My God! That child is gorgeous! You've been through a lot but thankfully you have a good support network. Sorry for your losses but so happy for the great things to come.


----------



## Headless

Congratulations on the arrival of your beautiful girl. She certainly is gorgeous. 

I'm so glad you have had such support over this difficult period in your life. I can understand completely how you feel with the loss of Krypto. I still feel so very sad over the loss of my beautiful boy Hogan in recent months.


----------



## Acid PopTart

jdubbya said:


> My God! That child is gorgeous! You've been through a lot but thankfully you have a good support network. Sorry for your losses but so happy for the great things to come.


Thank you so much! <3



Headless said:


> Congratulations on the arrival of your beautiful girl. She certainly is gorgeous.
> 
> I'm so glad you have had such support over this difficult period in your life. I can understand completely how you feel with the loss of Krypto. I still feel so very sad over the loss of my beautiful boy Hogan in recent months.


Thank you!

I'm so sorry to hear that Hogan passed. I know some people feel it's "just a pet" but the way animals can touch our lives, leaving such a lasting impression of unconditional love. It still hurts. My thoughts are with you.


----------



## Acid PopTart

Thank you all for the condolences as well as congratulations!

To celebrate my darkling turning 3 months, I wanted to do a series of portraits of Thalia in the style of the Flemish and Dutch Golden Age such as Frans Snyders and Johanne Vermeer. Although our subject matters aren't identical, it was a sense of feeling and contemplation I wanted. To paint with natural light and lush tones to create an effective misc en scene. I may not be the best photographer, but damn I can dress a set! My beautiful daughter, amidst various antiques (except the unbreakable skull because it's styrofoam) from 1890's to the 1950's (including her Christening gown).

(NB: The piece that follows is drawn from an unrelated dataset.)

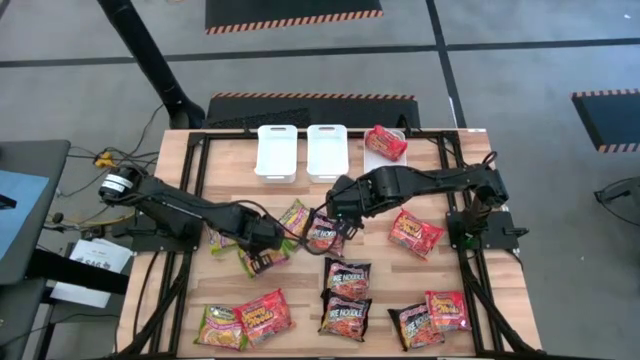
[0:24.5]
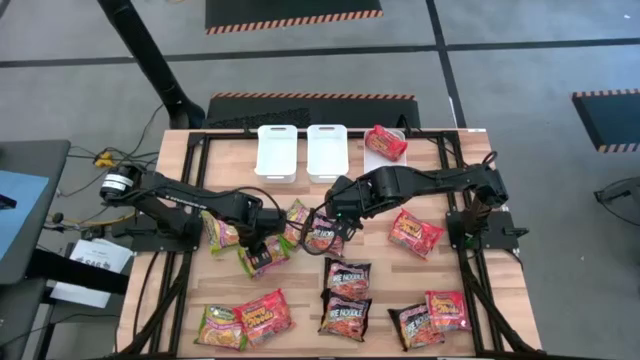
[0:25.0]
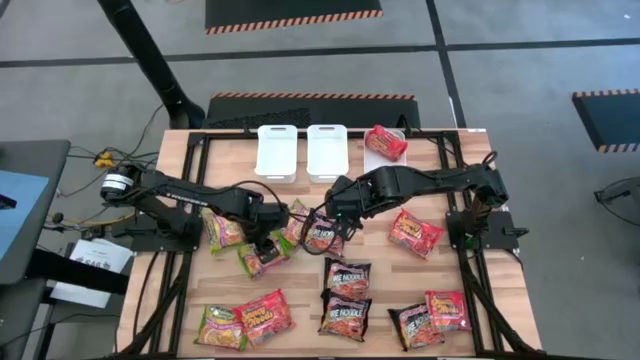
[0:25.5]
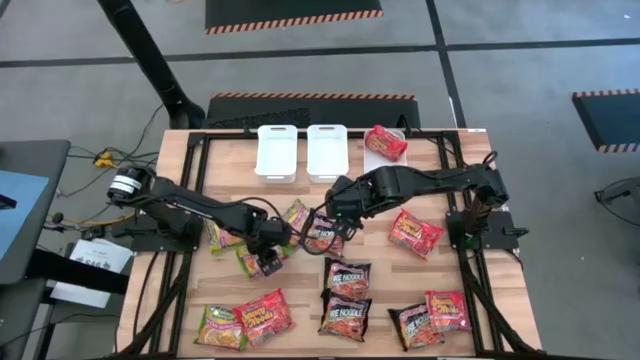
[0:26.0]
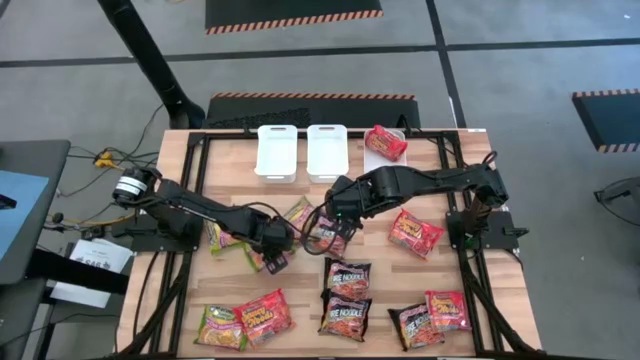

Okay no more pestering you lovely folks with baby pictures but I was just so proud of these.


----------



## RoxyBlue

She is as beautiful as her mother


----------



## Hairazor

Those pics are great and she looks so content, may it always be so.


----------



## jdubbya

Fantastic pics! Love the contrast between her black hair and the white gown. Lends itself perfectly to the backround.


----------



## Lord Homicide

Acid PopTart said:


> You had a kid too?!?!!! Well I guess we know what we were up to last year.  Congratulations too and let's see some pictures dammit!


Yes, pretty obvious what we were up to. lol

Baron von Homicide here.
http://www.hauntforum.com/showthread.php?t=39750


----------



## Acid PopTart

RoxyBlue said:


> She is as beautiful as her mother


::blush:: Awww shucks, thanks!



Hairazor said:


> Those pics are great and she looks so content, may it always be so.


Thank you luv! She just got her first publishing gig with those photos, in a little goth magazine called Gothesque Jr. She's either going to grow up thinking I'm one awesome mom or that I'm just down around the bend and will start looking for retirement homes for me!



jdubbya said:


> Fantastic pics! Love the contrast between her black hair and the white gown. Lends itself perfectly to the backround.


Thank you so much! I was really pleased with the results.


----------



## Oaklawn Crematory

I like the skull......


----------